Department of Food Science & Engineering, Ewha Womans University, 11-1 Daehyun-dong, Seodaemun-gu, Seoul 120-750, Korea.
Microb Cell Fact. 2014 Apr 28;13:61. doi: 10.1186/1475-2859-13-61.
Thermus thermophilus, an extremely thermophilic bacterium, has been widely recognized as a model organism for studying how microbes can survive and adapt under high temperature environment. However, the thermotolerant mechanisms and cellular metabolism still remains mostly unravelled. Thus, it is highly required to consider systems biological approaches where T. thermophilus metabolic network model can be employed together with high throughput experimental data for elucidating its physiological characteristics under such harsh conditions.
We reconstructed a genome-scale metabolic model of T. thermophilus, iTT548, the first ever large-scale network of a thermophilic bacterium, accounting for 548 unique genes, 796 reactions and 635 unique metabolites. Our initial comparative analysis of the model with Escherichia coli has revealed several distinctive metabolic reactions, mainly in amino acid metabolism and carotenoid biosynthesis, producing relevant compounds to retain the cellular membrane for withstanding high temperature. Constraints-based flux analysis was, then, applied to simulate the metabolic state in glucose minimal and amino acid rich media. Remarkably, resulting growth predictions were highly consistent with the experimental observations. The subsequent comparative flux analysis under different environmental conditions highlighted that the cells consumed branched chain amino acids preferably and utilized them directly in the relevant anabolic pathways for the fatty acid synthesis. Finally, gene essentiality study was also conducted via single gene deletion analysis, to identify the conditional essential genes in glucose minimal and complex media.

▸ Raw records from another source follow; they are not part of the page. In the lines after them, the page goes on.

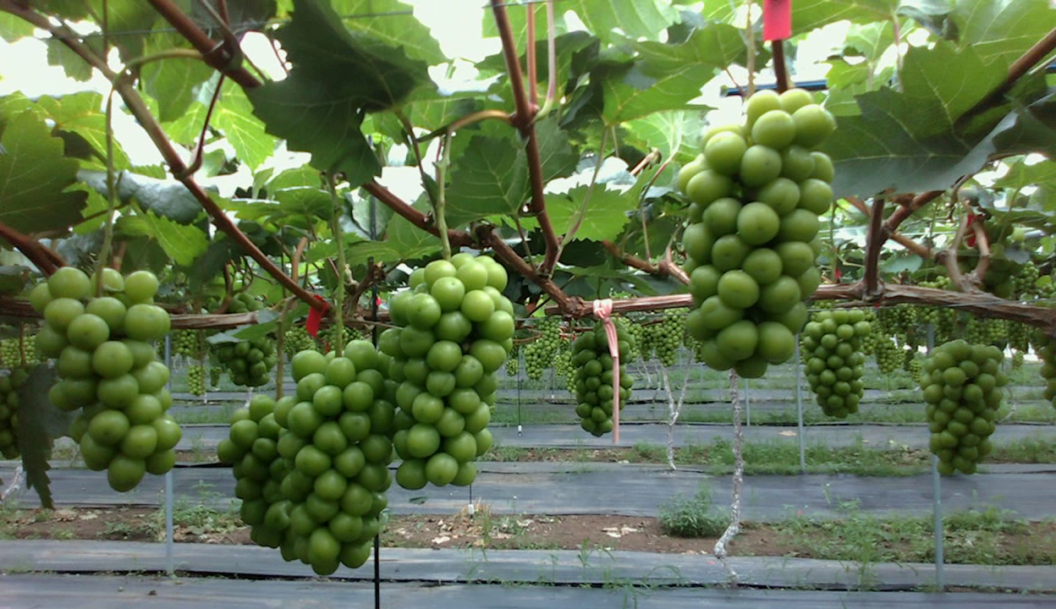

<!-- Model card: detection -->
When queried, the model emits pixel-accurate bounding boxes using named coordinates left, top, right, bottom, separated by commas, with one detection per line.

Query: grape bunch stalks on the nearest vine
left=327, top=176, right=346, bottom=357
left=95, top=88, right=114, bottom=297
left=432, top=109, right=510, bottom=261
left=745, top=1, right=755, bottom=100
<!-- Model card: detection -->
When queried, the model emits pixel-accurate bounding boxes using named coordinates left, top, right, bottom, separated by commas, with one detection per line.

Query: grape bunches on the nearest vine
left=27, top=266, right=183, bottom=492
left=377, top=253, right=514, bottom=490
left=264, top=340, right=400, bottom=575
left=676, top=88, right=835, bottom=379
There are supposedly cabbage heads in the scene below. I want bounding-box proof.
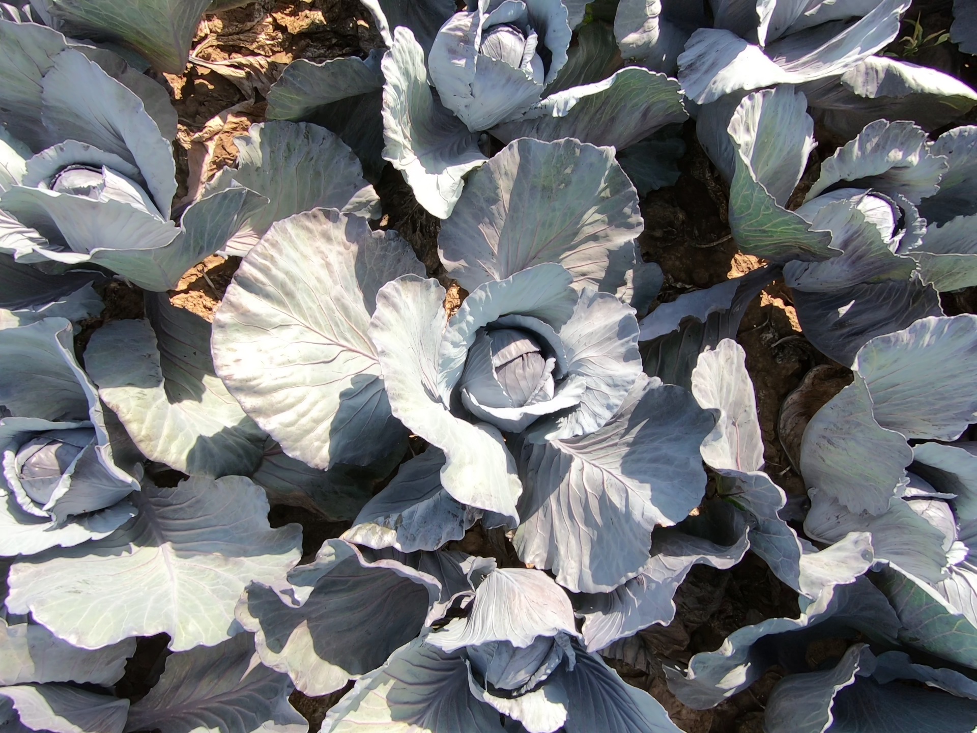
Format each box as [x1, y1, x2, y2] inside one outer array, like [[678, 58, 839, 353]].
[[13, 429, 126, 502], [482, 594, 557, 690], [813, 192, 894, 276], [54, 166, 148, 246], [471, 334, 552, 421], [863, 484, 954, 567], [456, 22, 536, 114]]
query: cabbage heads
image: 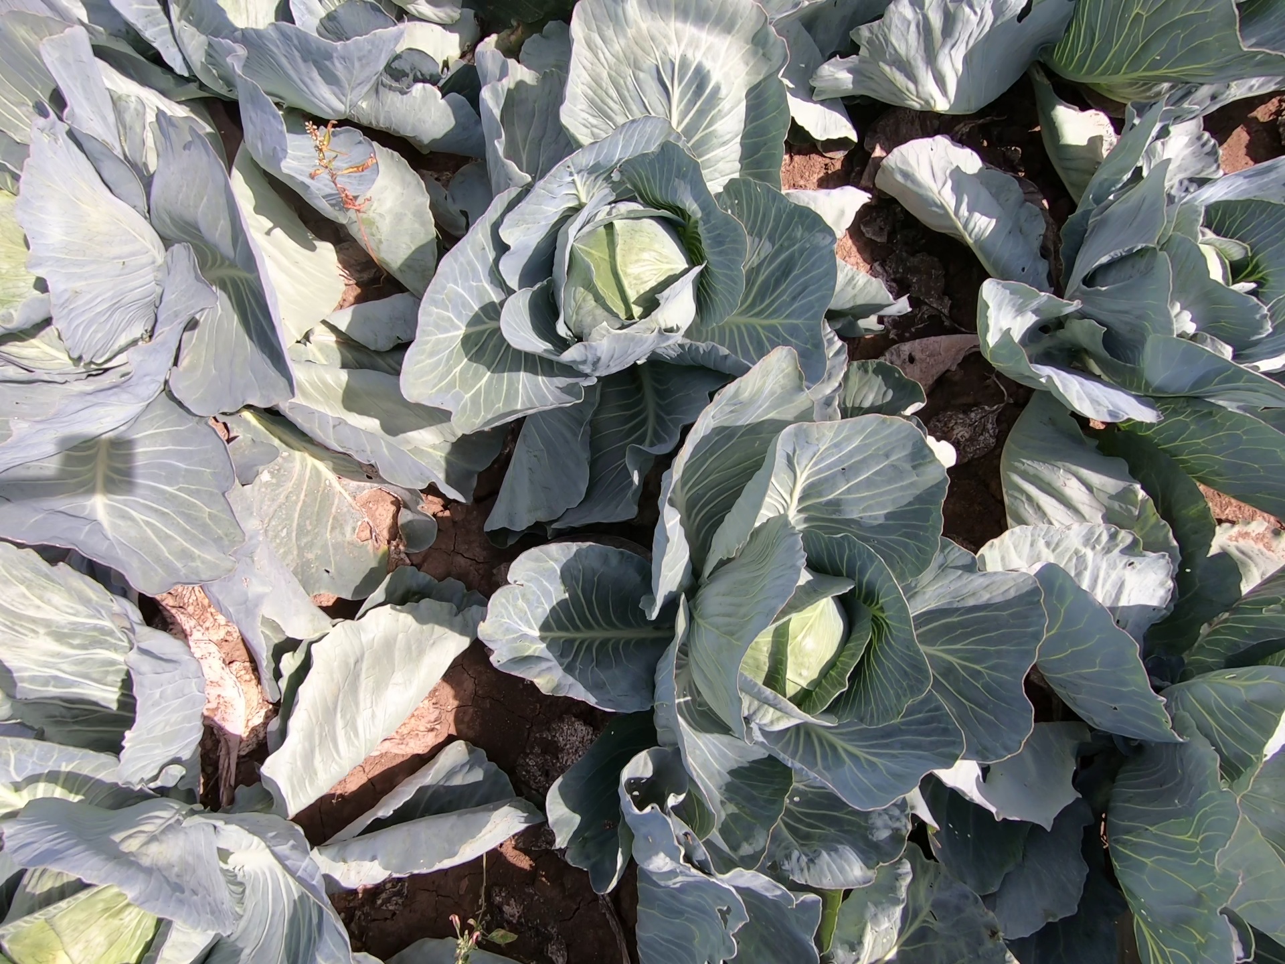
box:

The reconstructed genome-scale metabolic model elucidates the phenotypes of T. thermophilus, thus allowing us to gain valuable insights into its cellular metabolism through in silico simulations. The information obtained from such analysis would not only shed light on the understanding of physiology of thermophiles but also helps us to devise metabolic engineering strategies to develop T. thermophilus as a thermostable microbial cell factory.
嗜热栖热菌是一种极端嗜热的细菌,已被广泛认为是研究微生物如何在高温环境中生存和适应的模式生物。然而,其耐热机制和细胞代谢仍大多未被揭示。因此,非常需要考虑系统生物学方法,其中可以使用嗜热栖热菌代谢网络模型并结合高通量实验数据来阐明其在这种苛刻条件下的生理特征。
我们构建了嗜热栖热菌 iTT548 的基因组规模代谢模型,这是第一个大规模的嗜热菌网络,包含 548 个独特基因、796 个反应和 635 个独特代谢物。我们对该模型与大肠杆菌的初步比较分析揭示了几种独特的代谢反应,主要在氨基酸代谢和类胡萝卜素生物合成中,产生相关化合物以保持细胞膜耐受高温。然后,基于约束的通量分析被应用于模拟葡萄糖最小和氨基酸丰富培养基中的代谢状态。值得注意的是,由此产生的生长预测与实验观察高度一致。随后在不同环境条件下的比较通量分析强调,细胞优先消耗支链氨基酸,并直接将其用于脂肪酸合成的相关合成途径中。最后,还通过单基因缺失分析进行了基因必需性研究,以鉴定葡萄糖最小和复杂培养基中的条件必需基因。
重建的基因组规模代谢模型阐明了嗜热栖热菌的表型,从而使我们能够通过计算机模拟深入了解其细胞代谢。从这种分析中获得的信息不仅有助于理解嗜热菌的生理学,还有助于我们设计代谢工程策略,将嗜热栖热菌开发为耐热微生物细胞工厂。